At the Pentagon Wednesday, Navy Cmdr. Gary Ross said, “The Office of Military Commissions is not aware” of the new version of the transcript provided by the prosecution to attorneys for the media — and therefore could not say whether the two versions represented declassification.
The new version takes a more surgical approach to the censorship. Rather than black out entire pages, the latest version restores whole pages minus numbers that provide a granular look at staffing at the secret Camp 7 prison, where Jinx explained many of the people assigned to its staff don’t actually work. It allows the world to know how long witnesses who testified on Oct. 30 served in the military, and where they were assigned before.
In urging the judge to reject the media request, the prosecution argued that a military commissions judge can’t second guess whether something is properly classified. Rather, it is his role to make sure “proper authorities” declared something classified “in accordance with the appropriate regulations.”
Camp 7’s location is a secret, leaving open the possibility that many of the National Guard troops on temporary assignment to Camp 7’s Task Force Platinum, don’t actually know where it is and go somewhere else on the sprawling base to work. Jinx never explained why in open court testimony but other Sept. 11 hearing testimony showed that the prison has a secret program that hears everything that goes on there, suggesting there may be an off-site eavesdropping station.
Schulz argued in the media filing that the public has a legitimate interest in the issue of the female guards’ roles at Guantánamo in light of the Pentagon’s recent announcement that women will be allowed to serve in combat, just like men. He offered to elaborate in oral arguments at this month’s hearings. “The prosecution objects to oral arguments,” Martins replied, explaining the court didn’t need to hear anything else to resolve the media motion.
The prosecutor counters that the transcripts, which it frequently quotes in its pleadings, don’t constitute “judicial records.” Rather, the general writes, they are provided as a convenience.
In urging Pohl to reject the media request, the prosecution argued that a military commissions judge can’t second guess whether something is properly classified.

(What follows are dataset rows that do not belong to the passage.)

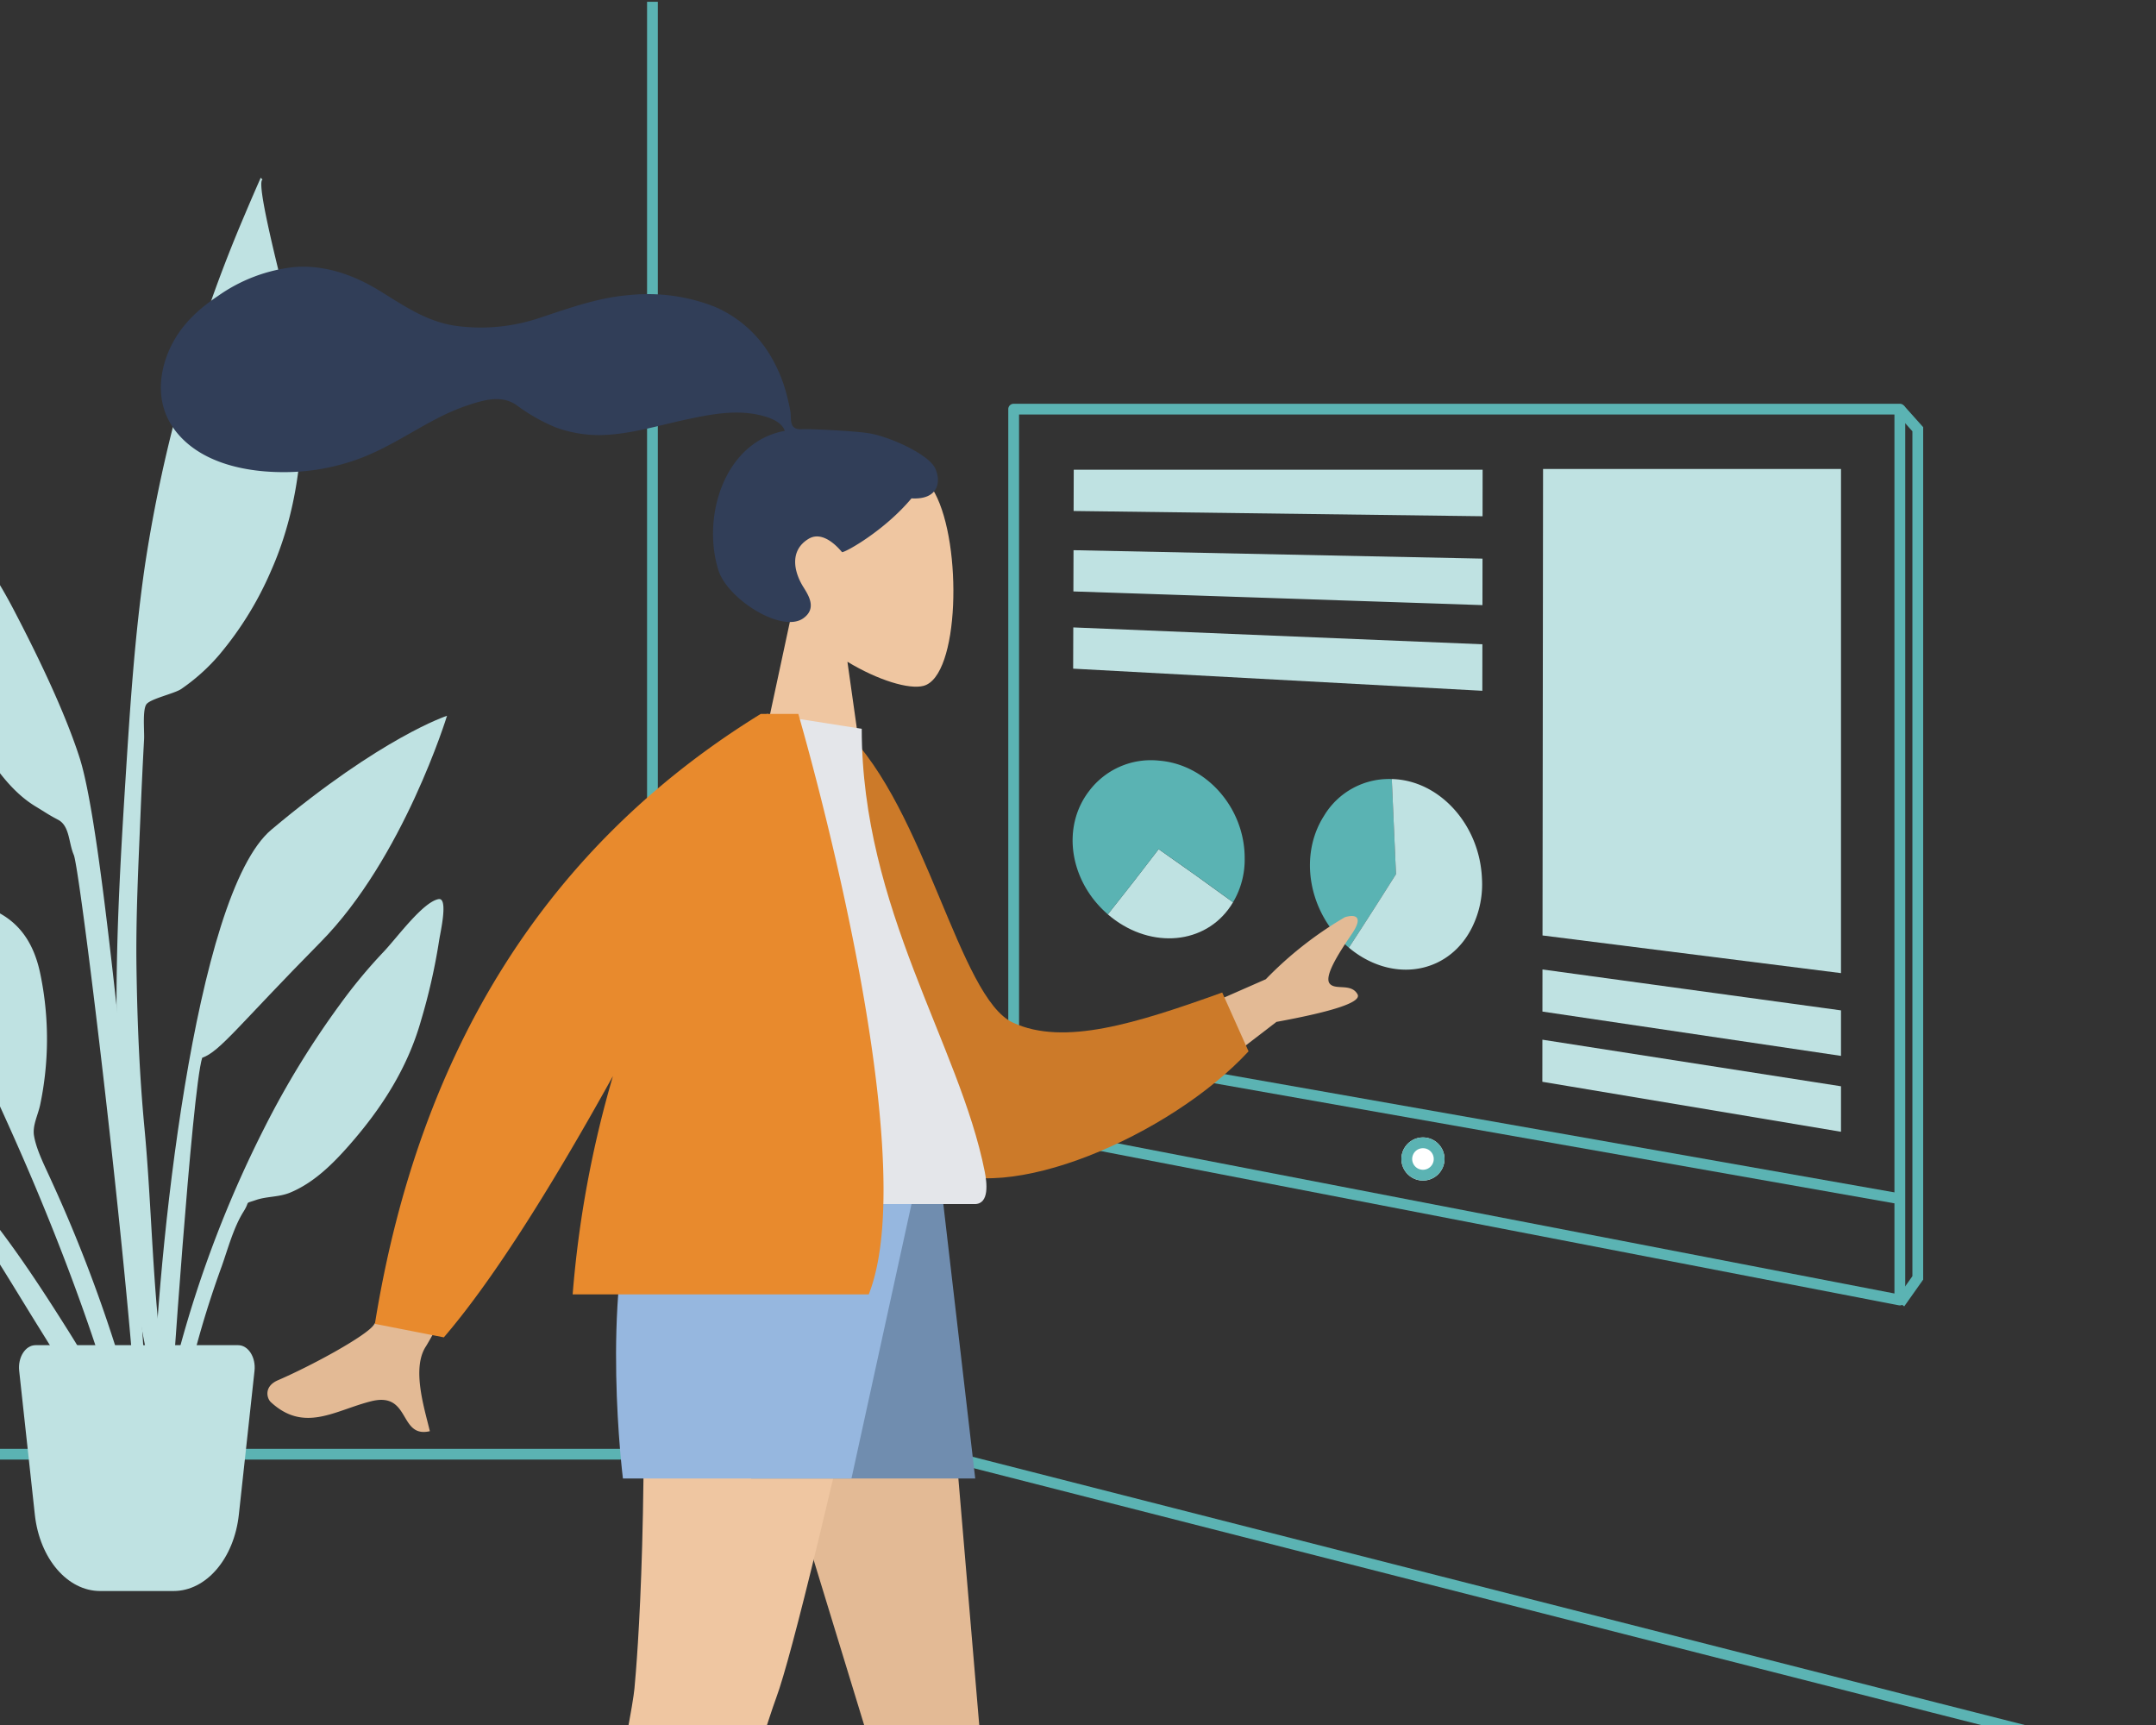<svg xmlns="http://www.w3.org/2000/svg" xmlns:xlink="http://www.w3.org/1999/xlink" width="400" height="320" viewBox="0 0 400 320">
    <rect x="0" y="0" width="400" height="320" fill="#333333" stroke="none"/>
    <defs>
        <clipPath >
            <rect width="400" height="320" />
        </clipPath>
    </defs>
    <g clip-path="url(#b)">
        <rect width="400" height="320" fill="transparent" />
        <path d="M-764.763-3978.233H-910.677v-2h145.914Z" transform="translate(905.656 4249)" fill="#5bb3b3" />
        <path d="M-483.244-3920.146c-3.961-.83-270.425-68.869-281.766-71.765l-.753-.192v-256.571h2v255.018c16.075,4.1,277.112,70.754,280.929,71.553Z" transform="translate(885.812 4249)" fill="#5bb3b3" />
        <path d="M-552.7-4032.626l-164.412-29.021.348-1.97,164.412,29.021Z" transform="translate(905 4256)" fill="#5bb3b3" />
        <path d="M-722.937-4181.1h164.412a1,1,0,0,1,1,1v165.263a1,1,0,0,1-.364.771,1,1,0,0,1-.826.21l-164.412-31.774a1,1,0,0,1-.81-.982V-4180.1A1,1,0,0,1-722.937-4181.1Zm163.412,2H-721.937v131.663l162.412,31.388Z" transform="translate(911 4256)" fill="#5bb3b3" />
        <circle cx="4" cy="4" r="4" transform="translate(260 211)" fill="#fff" />
        <path d="M4,2A2,2,0,1,0,6,4,2,2,0,0,0,4,2M4,0A4,4,0,1,1,0,4,4,4,0,0,1,4,0Z" transform="translate(260 211)" fill="#5bb3b3" />
        <path d="M-543.36-4013.658l-1.632-1.156,3.147-4.446v-156.734l-3.077-3.443,1.491-1.333,3.586,4.012v158.134Z" transform="translate(896.65 4256)" fill="#5bb3b3" />
        <g transform="translate(1111 4521)">
            <path d="M76.056,8.767.186,7.793C.2,4.732.2,3.2.212.141H76.068c0,3.45-.007,5.176-.012,8.626" transform="translate(-912 -4434)" fill="#bfe2e2" />
            <path d="M76.036,25.254.145,22.715.17,15.063l75.878,1.565c0,3.45-.007,5.175-.012,8.626" transform="translate(-912 -4434)" fill="#bfe2e2" />
            <path d="M76.017,41.145.1,37.042c.01-3.061.015-4.591.026-7.652l75.9,3.128c0,3.451-.007,5.176-.012,8.627" transform="translate(-912 -4434)" fill="#bfe2e2" />
            <path d="M15.963,70.525c5.52,3.867,8.281,5.838,13.8,9.853-4.43,7.509-14.205,8.8-21.828,3.344-.5-.36-.929-.7-1.4-1.1,3.771-4.756,5.655-7.175,9.424-12.1" transform="translate(-912 -4434)" fill="#bfe2e2" />
            <path d="M16.011,54.1A14.331,14.331,0,0,0,3.08,59.715c-5.2,6.719-3.659,16.749,3.459,22.905,3.77-4.756,5.655-7.176,9.424-12.1,5.52,3.867,8.281,5.838,13.8,9.853a15.446,15.446,0,0,0,2.16-8.172c.023-9.307-7.1-17.413-15.915-18.1" transform="translate(-912 -4434)" fill="#5ab3b3" />
            <path d="M60,75.163C56.5,80.7,54.756,83.424,51.258,88.8c-7.38-6.18-9.443-16.915-4.615-24.46a14.051,14.051,0,0,1,12.575-6.824c.313,7.05.469,10.579.782,17.646" transform="translate(-912 -4434)" fill="#5ab3b3" />
            <path d="M74.2,84.848a17.931,17.931,0,0,0,1.742-8.924c-.435-9.993-7.923-18.209-16.726-18.406.313,7.049.469,10.579.782,17.646C56.5,80.7,54.756,83.425,51.258,88.8c.487.408.927.743,1.444,1.1,7.844,5.391,17.473,3.322,21.5-5.051" transform="translate(-912 -4434)" fill="#bfe2e2" />
            <path d="M142.557,93.522,87.182,86.533q.049-43.266.1-86.533h55.277Z" transform="translate(-912 -4434)" fill="#bfe2e2" />
            <path d="M142.557,108.874l-55.392-8.221c0-3.124,0-4.686.009-7.81l55.383,7.59Z" transform="translate(-912 -4434)" fill="#bfe2e2" />
            <path d="M142.557,122.951,87.15,113.678c0-3.124.006-4.686.009-7.809l55.4,8.642Z" transform="translate(-912 -4434)" fill="#bfe2e2" />
        </g>
        <g transform="translate(-52.226 48.257)">
            <path d="M10.016,11.3C7.99,8.413,4.231,1.077,1.38.045-.457-.62.078,6.257.056,7.569A109.92,109.92,0,0,0,1.071,22.714c1.1,9.073,4.692,17.153,9.62,24.875,2.536,3.973,5.51,7.995,9.63,10.474,1.9,1.142,2.236,1.446,4.109,2.43,2.181,1.145,1.934,4.239,2.917,6.512C28.712,70.16,40.7,170.629,39.486,186.351c-.108,1.394,1.835,1.727,1.932.026.516-9.02-3.946-71.487-6.2-91.915s-4.529-38.476-6.813-45.543c-2.771-8.574-7.775-18.886-11.941-26.882A95.083,95.083,0,0,0,10.016,11.3Z" transform="translate(38.566 43.319)" fill="#bfe2e2" />
            <path d="M8,1.1C2.724-2.772-2.982,4.532,1.788,8.4A4.778,4.778,0,0,0,8.734,8c1.008,1.228,1.951,2.512,2.857,3.6,2.761,3.305,5.37,6.689,7.864,10.152,5.18,7.194,9.62,14.795,14.262,22.256C38.3,51.367,42.841,58.769,46.993,66.32c3.517,6.4,8.206,13.923,9.41,20.936-1.827-14.874-8.76-29.17-17.016-42.283C31.2,31.969,21.8,17.766,9.12,7.5A4.491,4.491,0,0,0,8,1.1Z" transform="translate(25.55 153.715)" fill="#bfe2e2" />
            <path d="M53.553.015c-2.95.577-7.77,7.25-10.2,9.793a95.233,95.233,0,0,0-7.983,9.616A162.643,162.643,0,0,0,21.243,42.461,214.135,214.135,0,0,0,5.528,83.36,168.712,168.712,0,0,0,.76,110.186c-.17,1.7-1.951,14.794.615,15.147,2.308.318,1.6-9.944,1.706-11.339A181.283,181.283,0,0,1,13.354,68.082c1.142-3.233,2.2-7.194,4.03-10.1,1.316-2.1.009-1.365,2.321-2.158,1.985-.681,4.247-.515,6.28-1.349,4.416-1.811,7.952-5.327,11.052-8.863,6.024-6.873,10.8-14.308,13.285-23.114A111.288,111.288,0,0,0,53.675,7.666C53.858,6.365,55.453-.357,53.553.015Z" transform="translate(80.025 118.523)" fill="#bfe2e2" />
            <path d="M44.322,6.612a267.326,267.326,0,0,0-26.139,61.88C14.61,81.482,12.112,94.813,9.63,108.047c-3.843,20.491-7.479,40.981-8.513,61.836-1.04,20.976-3.1,45.169,3.771,65.372-3.431-20.512-.164-42.345.414-62.984.276-9.853,1.077-19.609,2.128-29.4,1.02-9.5,2.685-18.958,4.236-28.386q1.133-6.887,2.357-13.757c.241-1.367.343-5.423,1.21-6.357s5.326-1.323,6.724-2.013a36.1,36.1,0,0,0,7.807-5.447A62.359,62.359,0,0,0,41.249,72.54C48.386,60.628,51.239,46.092,51.1,32.3,51.067,29.618,46.76.776,48.49.379Q48.334.2,48.194,0,46.23,3.289,44.322,6.612Z" transform="translate(52.764 -9.414) rotate(-7)" fill="#bfe2e2" />
            <path d="M2,1.874C1.831,1.627.715-.093,1.277.017.133-.207,2.851,1.914,0,.612,1.354,1.891.572,3.551.554,5.272a41.725,41.725,0,0,0,.964,8.3,56.9,56.9,0,0,0,3.867,12.54A56.193,56.193,0,0,0,23.854,48.773c3.9,2.7,7.72,3.624,12.167,4.868,2.809.786,3.032,2.239,4.522,4.965,3.1,5.677,6.153,11.333,8.89,17.2,3.269,7.008,6.442,14.023,9.435,21.154,10.083,24.02,18.29,48.905,22.6,74.659.106-15.177-3.405-30.807-7.834-45.273a270.2,270.2,0,0,0-11.9-30.756c-1.085-2.436-2.73-5.57-3.191-8.26-.323-1.885.664-3.7,1.116-5.683a59.463,59.463,0,0,0,.089-24.166c-1.705-8.571-6.637-12.549-14.98-13.763-3.051-.444-6.929-.281-9.727-1.582-3.048-1.417-4.305-6.073-6.039-9.063a123.251,123.251,0,0,0-16.538-22.5A53.648,53.648,0,0,0,6.8,5.375C5.538,4.364,2.865,3.119,2,1.874Z" transform="translate(0 75.136)" fill="#bfe2e2" />
            <path d="M44.486,4.751C44.759,2.247,43.326,0,41.457,0H3.853C1.984,0,.551,2.247.824,4.751L3.73,31.441c.886,8.136,6.042,14.164,12.115,14.164h13.62c6.073,0,11.229-6.028,12.115-14.164Z" transform="translate(54.96 201.284)" fill="#bfe2e2" />
            <path d="M-3757.458-6934.356s-3.284-.507-3.279-.75c.759-27.455,7.639-94.849,21.971-106.89,20.5-17.225,32.59-21.131,32.59-21.131s-8.083,26.4-23.425,41.955-18.667,20.3-22,21.49C-3753.514-6993.617-3757.458-6934.356-3757.458-6934.356Z" transform="translate(3841.338 7147.652)" fill="#bfe2e2" />
        </g>
        <g transform="translate(4211 5793)">
            <g transform="translate(-4117.537 -5386.386)">
                <path d="M3.8,4.329A1.7,1.7,0,0,0,1.623,5.476L0,11.193a54.623,54.623,0,0,0,.766,6.712H48.723s1.869-6.18-2.158-6.673-6.692-.89-6.692-.89L17.584.406a.85.85,0,0,0-1.132.453L15.019,4.334s-3.728,1.74-6.06,1.74Z" transform="translate(0 -0.332)" fill="#acb1bc" />
            </g>
            <g transform="translate(-4037.611 -5386.386)">
                <path d="M3.8,4.329A1.7,1.7,0,0,0,1.623,5.476L0,11.193a54.623,54.623,0,0,0,.766,6.712H48.723s1.869-6.18-2.158-6.673-6.692-.89-6.692-.89L17.584.406a.85.85,0,0,0-1.132.453L15.019,4.334s-3.728,1.74-6.06,1.74Z" transform="translate(0 -0.332)" fill="#acb1bc" />
            </g>
            <g transform="translate(-4071.545 -5709.663)">
                <path d="M0,65.052,7.363,30.735C3.257,25.915.477,20.008.942,13.389,2.28-5.681,28.827-1.486,33.99,8.139s4.551,34.04-2.123,35.76c-2.662.686-8.332-.994-14.1-4.473l3.622,25.625Z" transform="translate(0 0)" fill="#efc6a1" />
            </g>
            <path d="M131.41,30.909c-2.819-.462-10.408-.78-11.808-.78-.894,0-1.864.2-2.394-.617-.434-.673-.275-1.81-.4-2.59-.15-.907-.364-1.8-.58-2.694A27.394,27.394,0,0,0,113.379,17,22.21,22.21,0,0,0,102.851,7.47a33.806,33.806,0,0,0-15.984-2.2c-5.737.465-10.929,2.359-16.346,4.141A34.257,34.257,0,0,1,54.557,10.95c-5.439-.835-9.549-3.783-14.136-6.581C35.724,1.5,30.357-.369,24.8.061a30.074,30.074,0,0,0-14.245,5.4c-4.01,2.675-7.318,5.892-9.186,10.421C-.635,20.755-.633,26.1,2.671,30.408c4.79,6.241,13.681,7.855,21.078,7.694A40.272,40.272,0,0,0,36.27,35.808C41.658,33.913,46.313,30.7,51.353,28.1a39.249,39.249,0,0,1,7.373-2.951c2.487-.7,4.936-1.024,7.188.478a33.943,33.943,0,0,0,7.241,4.145,23.353,23.353,0,0,0,8.168,1.467c5.419-.042,10.76-1.73,16.023-2.861,4.292-.922,8.884-1.841,13.259-.955,1.826.37,4.493,1.134,5.152,3.031-11.1,2.011-15.457,15.737-12.329,25.813,1.689,5.438,11.84,11.8,15.786,8.937,2.5-1.811.982-4.189,0-5.759-1.881-3.006-2.525-6.868.956-8.961,3-1.805,6.16,2.482,6.22,2.477.825-.065,7.957-4.1,12.87-9.984,4.847.287,5.583-2.909,4.425-5.523S135.3,31.548,131.41,30.909Z" transform="translate(-4181.155 -5743.526)" fill="#313e58" />
            <path d="M0,0,32,104.6l15.5,88.959H59.65L43.271,0Z" transform="translate(-4080.975 -5572.028)" fill="#e3ba95" />
            <path d="M23.786,0c2.173,57.433-.384,87.059-.871,92.277S15.768,131.329,0,195.315l12.95-4.448c24.92-58.685,33.412-89.184,36.27-96.89S59.669,54.945,71.993,0Z" transform="translate(-4116.207 -5572.028)" fill="#efc6a1" />
            <path d="M0,0,13.6,53.295H55.158L48.962,0Z" transform="translate(-4085.226 -5572.028)" fill="#708daf" />
            <path d="M4.2,0C-2.514,20.127,1.65,53.295,1.65,53.295h42.4L55.713,0Z" transform="translate(-4097.079 -5572.028)" fill="#96b7df" />
            <path d="M25.355,92.736c-1.088-1.829-2.324-3.657-6.079-2.725-6.7,1.665-12.385,5.936-18.635.175-.768-.708-1.331-2.922,1.289-4.057C8.457,83.3,18.1,78,19.663,75.947q3.2-4.207,19.826-48.031l16.345,3.243Q31.177,77.108,29.388,79.865C26.7,84,29.209,91.58,30.133,95.571A5.035,5.035,0,0,1,29,95.713C27.028,95.713,26.241,94.225,25.355,92.736ZM156.332,24.421l28.9-12.692A68.491,68.491,0,0,1,199.9.225c1.41-.449,3.818-.584,1.248,3.169s-5.1,7.817-4.077,9.132,4-.136,5.176,2q1.176,2.14-15.042,5.118l-21.645,16.6Z" transform="translate(-4161.386 -5623.075)" fill="#e3ba95" />
            <path d="M0,1.78,6.768,0C23,13.208,32.161,47.55,42.538,51.294c9.811,3.54,22.808-1.853,38.2-8.946l5.817,10.446c-13.07,16.881-42.67,32.767-55.8,26.325C9.774,68.818,1.409,26.206,0,1.78Z" transform="matrix(0.996, 0.087, -0.087, 0.996, -4060.975, -5658.083)" fill="#cc7a29" />
            <path d="M0,90.928H61.026c2.789,0,2.263-4.027,1.86-6.058C58.234,61.419,40.073,36.141,40.073,2.76L22.47,0C7.91,23.417,2.875,52.247,0,90.928Z" transform="translate(-4091.196 -5660.563)" fill="#e4e6ea" />
            <path d="M0,113.148Q12.359,36.5,71.584,0h6.97s23.7,80.8,13.07,107.677H36.69a200.538,200.538,0,0,1,7.473-40.493Q25.5,100.845,12.791,115.653Z" transform="translate(-4141.446 -5660.563)" fill="#e88a2d" />
        </g>
    </g>
</svg>

Rather, it is his role to make sure “proper authorities” declared something classified “in accordance with the appropriate regulations.”
And one proper authority, apparently, is the new prison camps commander, Navy Rear Adm. Peter Clarke.
A sealed declaration, according to the prosecution filing, lists “several harms that are likely to occur” if information made public at the hearing is released in transcript form. It does not elaborate.
Clarke dismisses news accounts from that day as “merely that reporter’s characterization of the testimony; whereas publication of the transcript in full would be seen by the same outside observer as confirmation of the information in the testimony.”
A transcript, he adds, according to the prosecution, “could be mined by those with intentions hostile to the United States and JTF-GTMO” — the official name of the 2,000 member staff that come and go from Guantánamo currently responsible for the last 91 detainees. Fourteen of them are held at Camp 7, the secret prison for former CIA captives, a figure that was initially censored and then restored.
Among the information restored for public viewing is that for medical reasons guards use different restraints on one of the alleged 9/11 plotters, Saudi Mustafa al Hawsawi, who suffered rectal damage in CIA custody. The soldier did not specify the difference in court.
The media organizations appealing the ex-post redaction of a public hearing include: The Miami Herald, ABC, Associated Press, Bloomberg, BuzzFeed, CBS, Dow Jones & Co., First Look Media, Fox News, Guardian US, Hearst Corp., The McClatchy Co., The New York Times, The New Yorker, Reuters, Tribune Publishing Co., and The Washington Post.